▸ Task objective
A word-for-word copy of all entries is required, without images.

*** Record set ***

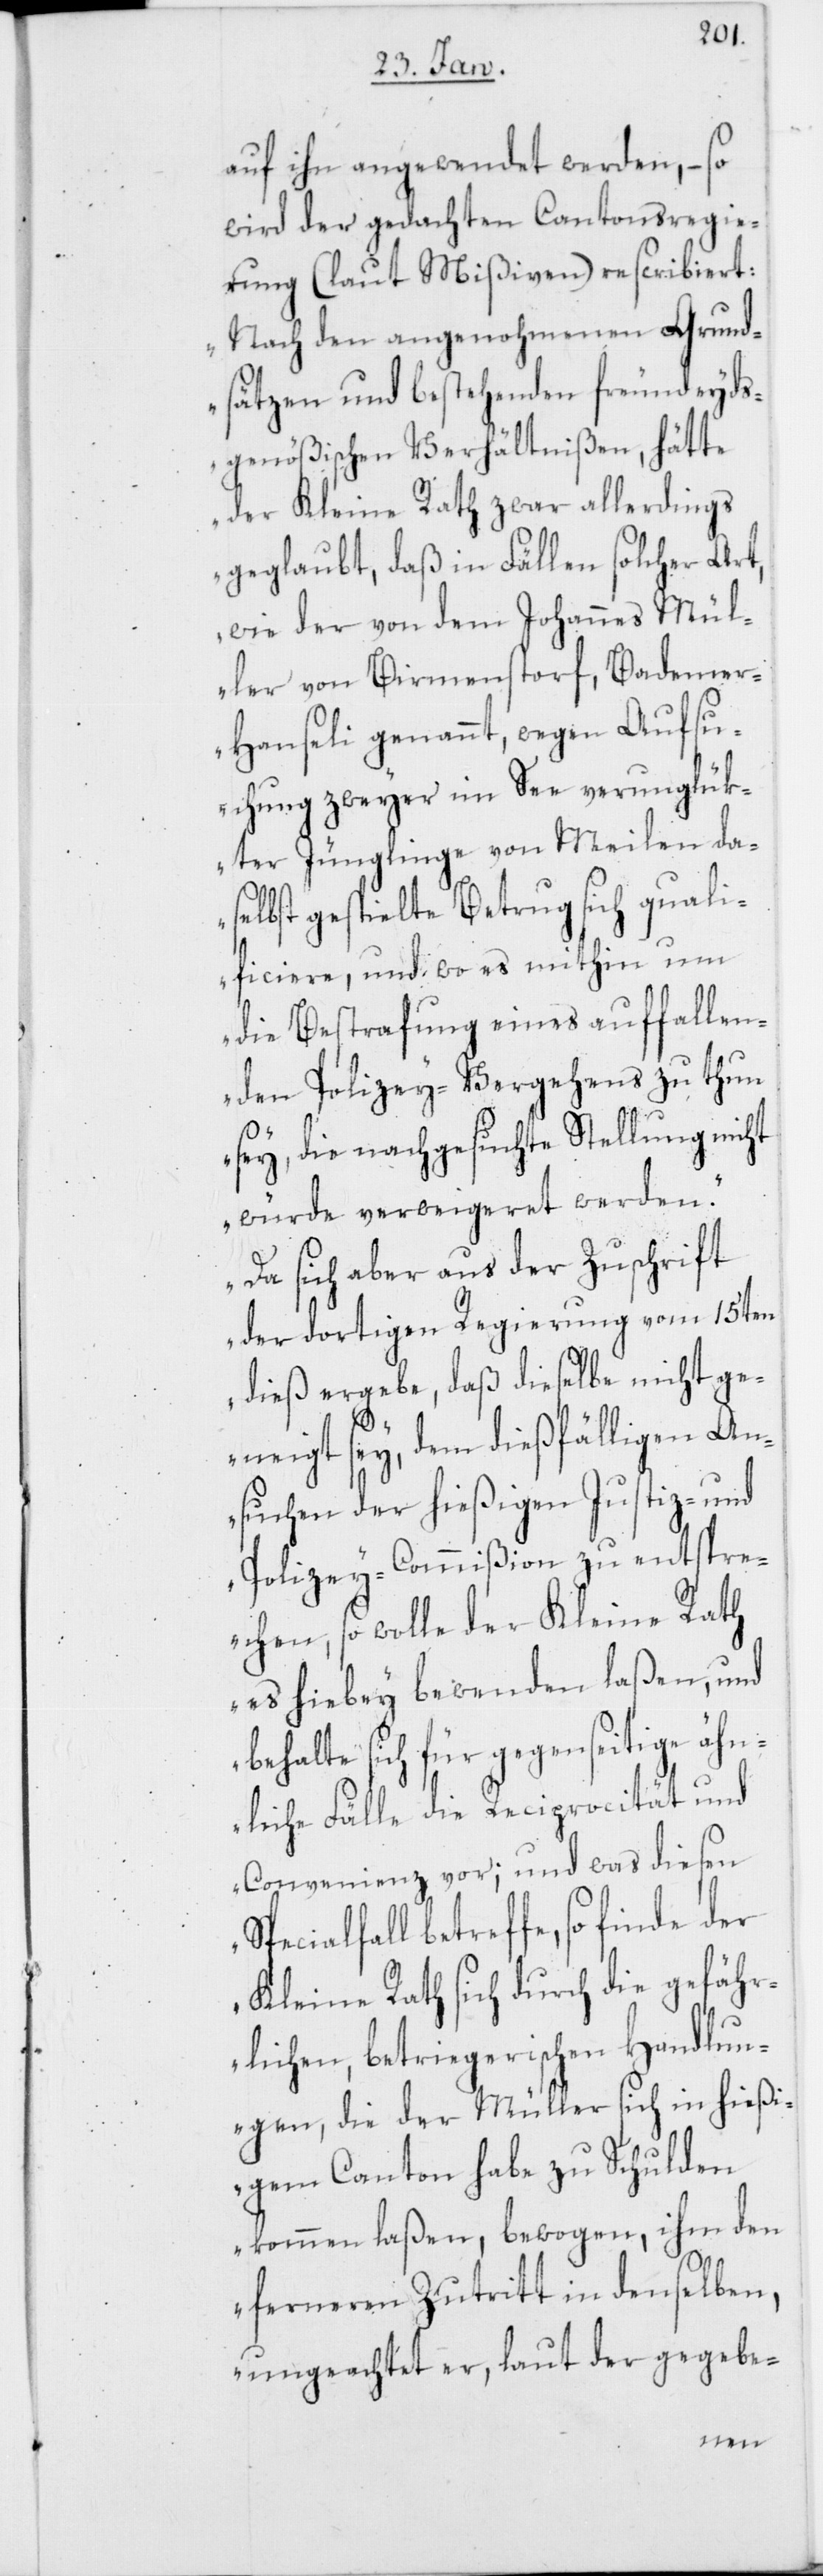
auf ihn angewendet werden, – so
wird der gedachten Cantonsregie¬
rung (laut Mißiven) rescribiert:
„Nach den angenohmenen Grund¬
sätzen und bestehenden freundeyds¬
genößischen Verhältnißen, hätte
der Kleine Rath zwar allerdings
geglaubt, daß in Fällen solcher Art,
wie der von dem Johannes Mül¬
ler von Birmenstorf, Bademe¬
r-Hanseli genannt, wegen Aufsu¬
chung zweyer im See verunglük¬
ter Jünglinge von Meilen da¬
selbst gespielte Betrug sich quali¬
ficiere, und wo es mithin um
die Bestrafung eines auffallen¬
den Polizey-Vergehens zu thun
sey, die nachgesuchte Stellung nicht
würde verweigeret werden.
Da sich aber aus der Zuschrift
der dortigen Regierung vom 15ten
dieß ergebe, daß dieselbe nicht ge¬
neigt sey, dem dießfälligen An¬
suchen der hießigen Justiz- und
Polizey-Commißion zu entspre¬
chen, so wolle der Kleine Rath
es hiebey bewenden laßen, und
behalte sich für gegenseitige ähn¬
liche Fälle die Reciprocität und
Convenienz vor; und was diesen
Specialfall betreffe, so finde
Kleine Rath sich durch die gefähr¬
lichen, betriegerischen Handlun¬
gen, die der Müller sich in hießi¬
gem Canton habe zu Schulden
kommen laßen, bewogen, ihm den
ferneren Zutritt in denselben,
ungeachtet er, laut der gegebe-

*** End of Record set ***

▸ Finished task
auf ihn angewendet werden, – so
wird der gedachten Cantonsregie¬
rung (laut Mißiven) rescribiert:
„Nach den angenohmenen Grund¬
sätzen und bestehenden freundeyds¬
genößischen Verhältnißen, hätte
der Kleine Rath zwar allerdings
geglaubt, daß in Fällen solcher Art,
wie der von dem Johannes Mül¬
ler von Birmenstorf, Bademe¬
r-Hanseli genannt, wegen Aufsu¬
chung zweyer im See verunglük¬
ter Jünglinge von Meilen da¬
selbst gespielte Betrug sich quali¬
ficiere, und wo es mithin um
die Bestrafung eines auffallen¬
den Polizey-Vergehens zu thun
sey, die nachgesuchte Stellung nicht
würde verweigeret werden.
Da sich aber aus der Zuschrift
der dortigen Regierung vom 15ten
dieß ergebe, daß dieselbe nicht ge¬
neigt sey, dem dießfälligen An¬
suchen der hießigen Justiz- und
Polizey-Commißion zu entspre¬
chen, so wolle der Kleine Rath
es hiebey bewenden laßen, und
behalte sich für gegenseitige ähn¬
liche Fälle die Reciprocität und
Convenienz vor; und was diesen
Specialfall betreffe, so finde
Kleine Rath sich durch die gefähr¬
lichen, betriegerischen Handlun¬
gen, die der Müller sich in hießi¬
gem Canton habe zu Schulden
kommen laßen, bewogen, ihm den
ferneren Zutritt in denselben,
ungeachtet er, laut der gegebe-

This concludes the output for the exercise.